**degday**
provides formulas for estimating degree days
from daily minimum and maximum temperatures. Degree days are commonly
used in agriculture to predict the development of plants and insects,
which are strongly correlated with accumulated heat above a certain a
temperature. To use the formulas, you must pass a record of daily
minimum and maximum temperatures, as well as a species-dependent
temperature range in which growth is possible.

Formulas are based on the work by Zalom et al (1983) and McMaster and Wilhelm (1997). These same formulas are used on the University of California Integrated Pest Management (UC IPM) website. See the UC IPM website for additional background on degree days, detailed figures and formulas, and models that predict growth stages of various crops and pests based on degree days.

`degday`

implements all formulas from Zalom et al (1983), including the single and double triangle
methods, and the single and double sine methods.

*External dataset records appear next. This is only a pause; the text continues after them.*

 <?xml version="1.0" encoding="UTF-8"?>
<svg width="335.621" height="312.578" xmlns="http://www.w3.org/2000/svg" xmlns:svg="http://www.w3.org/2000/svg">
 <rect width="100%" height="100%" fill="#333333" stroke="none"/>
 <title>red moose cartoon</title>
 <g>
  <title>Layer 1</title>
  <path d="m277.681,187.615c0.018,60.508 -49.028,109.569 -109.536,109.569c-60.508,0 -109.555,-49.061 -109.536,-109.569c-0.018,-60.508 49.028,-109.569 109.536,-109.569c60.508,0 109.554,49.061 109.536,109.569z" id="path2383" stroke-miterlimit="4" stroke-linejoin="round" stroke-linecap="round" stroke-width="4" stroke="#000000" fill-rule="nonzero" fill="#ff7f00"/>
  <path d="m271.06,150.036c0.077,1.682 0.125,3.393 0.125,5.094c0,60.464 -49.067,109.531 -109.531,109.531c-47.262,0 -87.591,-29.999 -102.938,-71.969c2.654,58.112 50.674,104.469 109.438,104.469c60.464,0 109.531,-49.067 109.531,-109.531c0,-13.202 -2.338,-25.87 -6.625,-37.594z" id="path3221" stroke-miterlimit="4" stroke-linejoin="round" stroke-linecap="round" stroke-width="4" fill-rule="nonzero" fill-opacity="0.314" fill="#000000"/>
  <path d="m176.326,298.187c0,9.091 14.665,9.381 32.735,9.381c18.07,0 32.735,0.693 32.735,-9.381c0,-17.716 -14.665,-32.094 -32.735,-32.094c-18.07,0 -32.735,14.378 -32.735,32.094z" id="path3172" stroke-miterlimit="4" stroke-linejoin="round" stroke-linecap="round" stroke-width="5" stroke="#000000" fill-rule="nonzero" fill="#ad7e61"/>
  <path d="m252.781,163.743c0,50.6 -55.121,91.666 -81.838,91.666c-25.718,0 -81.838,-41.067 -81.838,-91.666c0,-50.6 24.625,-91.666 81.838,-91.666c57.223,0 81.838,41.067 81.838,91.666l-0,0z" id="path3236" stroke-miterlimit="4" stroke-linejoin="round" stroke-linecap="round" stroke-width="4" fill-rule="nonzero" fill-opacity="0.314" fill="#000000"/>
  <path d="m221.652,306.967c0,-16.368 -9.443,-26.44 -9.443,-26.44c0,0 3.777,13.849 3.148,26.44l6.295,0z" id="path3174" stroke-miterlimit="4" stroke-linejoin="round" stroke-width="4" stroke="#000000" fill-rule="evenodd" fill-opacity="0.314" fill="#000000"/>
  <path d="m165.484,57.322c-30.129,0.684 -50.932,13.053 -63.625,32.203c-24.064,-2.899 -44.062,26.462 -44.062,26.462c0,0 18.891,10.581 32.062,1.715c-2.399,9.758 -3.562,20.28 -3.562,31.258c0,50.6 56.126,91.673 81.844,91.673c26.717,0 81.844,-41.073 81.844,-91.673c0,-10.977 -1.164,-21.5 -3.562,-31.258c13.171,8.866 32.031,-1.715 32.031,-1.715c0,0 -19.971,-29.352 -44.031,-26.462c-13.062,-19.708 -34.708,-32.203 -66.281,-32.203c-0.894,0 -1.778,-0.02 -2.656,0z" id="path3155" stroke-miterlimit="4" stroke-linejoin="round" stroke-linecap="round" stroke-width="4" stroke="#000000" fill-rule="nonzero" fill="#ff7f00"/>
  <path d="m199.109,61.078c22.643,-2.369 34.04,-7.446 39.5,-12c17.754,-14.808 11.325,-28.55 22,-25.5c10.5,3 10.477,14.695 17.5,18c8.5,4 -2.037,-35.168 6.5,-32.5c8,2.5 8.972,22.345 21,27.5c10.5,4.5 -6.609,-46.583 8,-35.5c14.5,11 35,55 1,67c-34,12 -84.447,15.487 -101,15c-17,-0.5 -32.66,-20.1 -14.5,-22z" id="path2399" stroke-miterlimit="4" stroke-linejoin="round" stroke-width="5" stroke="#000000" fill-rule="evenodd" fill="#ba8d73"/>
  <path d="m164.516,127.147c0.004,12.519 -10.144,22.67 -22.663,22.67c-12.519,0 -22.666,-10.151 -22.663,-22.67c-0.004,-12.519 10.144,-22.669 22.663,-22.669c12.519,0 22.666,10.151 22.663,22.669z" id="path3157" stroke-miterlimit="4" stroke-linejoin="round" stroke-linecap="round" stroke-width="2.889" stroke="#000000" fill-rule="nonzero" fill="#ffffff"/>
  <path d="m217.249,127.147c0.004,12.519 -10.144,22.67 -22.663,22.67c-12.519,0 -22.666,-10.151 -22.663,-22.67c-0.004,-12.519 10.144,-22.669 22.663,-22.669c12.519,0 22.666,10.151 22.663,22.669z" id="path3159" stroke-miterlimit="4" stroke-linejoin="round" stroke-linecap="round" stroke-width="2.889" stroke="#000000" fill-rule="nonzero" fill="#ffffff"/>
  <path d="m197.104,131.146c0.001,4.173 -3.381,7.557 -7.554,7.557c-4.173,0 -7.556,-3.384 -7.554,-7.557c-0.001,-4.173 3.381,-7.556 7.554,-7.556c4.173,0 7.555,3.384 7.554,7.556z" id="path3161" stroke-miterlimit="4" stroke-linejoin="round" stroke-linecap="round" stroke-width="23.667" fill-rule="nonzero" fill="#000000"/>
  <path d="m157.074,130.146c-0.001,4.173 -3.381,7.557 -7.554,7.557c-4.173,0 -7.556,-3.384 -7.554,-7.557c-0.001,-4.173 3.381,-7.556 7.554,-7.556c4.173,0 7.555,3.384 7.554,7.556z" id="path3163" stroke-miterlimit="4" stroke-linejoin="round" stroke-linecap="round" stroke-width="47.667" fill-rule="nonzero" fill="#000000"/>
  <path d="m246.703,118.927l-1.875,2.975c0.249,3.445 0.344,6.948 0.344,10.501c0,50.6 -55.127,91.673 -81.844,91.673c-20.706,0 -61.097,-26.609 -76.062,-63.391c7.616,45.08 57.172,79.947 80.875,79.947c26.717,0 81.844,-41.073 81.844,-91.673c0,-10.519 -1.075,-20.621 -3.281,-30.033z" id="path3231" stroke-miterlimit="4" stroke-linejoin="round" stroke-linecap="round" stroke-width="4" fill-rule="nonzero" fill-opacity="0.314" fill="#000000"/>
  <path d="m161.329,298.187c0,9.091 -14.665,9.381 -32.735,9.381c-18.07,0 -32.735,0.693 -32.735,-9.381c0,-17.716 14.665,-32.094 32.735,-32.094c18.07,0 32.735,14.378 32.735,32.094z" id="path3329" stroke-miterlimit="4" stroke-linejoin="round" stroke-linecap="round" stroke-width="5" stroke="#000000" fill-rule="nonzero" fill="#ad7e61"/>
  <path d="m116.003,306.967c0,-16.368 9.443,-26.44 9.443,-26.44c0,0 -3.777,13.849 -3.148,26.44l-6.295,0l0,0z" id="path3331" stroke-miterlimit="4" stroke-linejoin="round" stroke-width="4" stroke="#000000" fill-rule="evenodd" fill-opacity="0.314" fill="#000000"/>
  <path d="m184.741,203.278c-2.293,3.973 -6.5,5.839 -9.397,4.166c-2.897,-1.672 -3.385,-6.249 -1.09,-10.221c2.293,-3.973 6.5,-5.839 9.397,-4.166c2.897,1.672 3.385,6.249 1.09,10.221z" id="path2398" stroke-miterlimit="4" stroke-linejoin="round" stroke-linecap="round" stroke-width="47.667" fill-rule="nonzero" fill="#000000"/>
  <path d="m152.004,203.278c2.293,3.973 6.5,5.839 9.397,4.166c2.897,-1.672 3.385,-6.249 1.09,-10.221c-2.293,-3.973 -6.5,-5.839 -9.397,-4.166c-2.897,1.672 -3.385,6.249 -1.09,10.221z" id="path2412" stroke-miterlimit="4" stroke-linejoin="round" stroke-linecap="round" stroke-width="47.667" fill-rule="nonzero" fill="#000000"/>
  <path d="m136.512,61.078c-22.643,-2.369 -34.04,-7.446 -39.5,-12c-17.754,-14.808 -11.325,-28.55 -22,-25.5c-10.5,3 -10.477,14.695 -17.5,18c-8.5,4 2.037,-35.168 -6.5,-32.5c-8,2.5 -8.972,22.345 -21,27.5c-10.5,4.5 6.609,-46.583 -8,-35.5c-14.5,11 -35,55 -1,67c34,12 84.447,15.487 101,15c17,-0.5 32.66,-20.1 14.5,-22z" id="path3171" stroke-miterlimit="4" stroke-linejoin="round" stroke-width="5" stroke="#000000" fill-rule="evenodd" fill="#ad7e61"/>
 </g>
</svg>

All formulas use the
horizontal cutoff method. `degday`

does not currently support
the vertical cutoff method, nor the corrected sine and triangle methods.
The simple average method is based on McMaster and Wilhelm (1997), which allows for an optional upper
threshold and supports the so-called ‘corn’ method for dealing with
temperatures below the lower and above the upper thresholds.

You might be wondering, *which of the four estimation methods
should I use?* Most people compute degree days not as an end in
itself, but rather to look-up when a development milestone is predicted
to take place, such as blooming for a tree crop, or larvae emergence in
an insect. Hence you should use the same method that was used to build
the reference table. When in doubt, use the single-sine method. For more
info about the different methods, see Roltsch et al (1999).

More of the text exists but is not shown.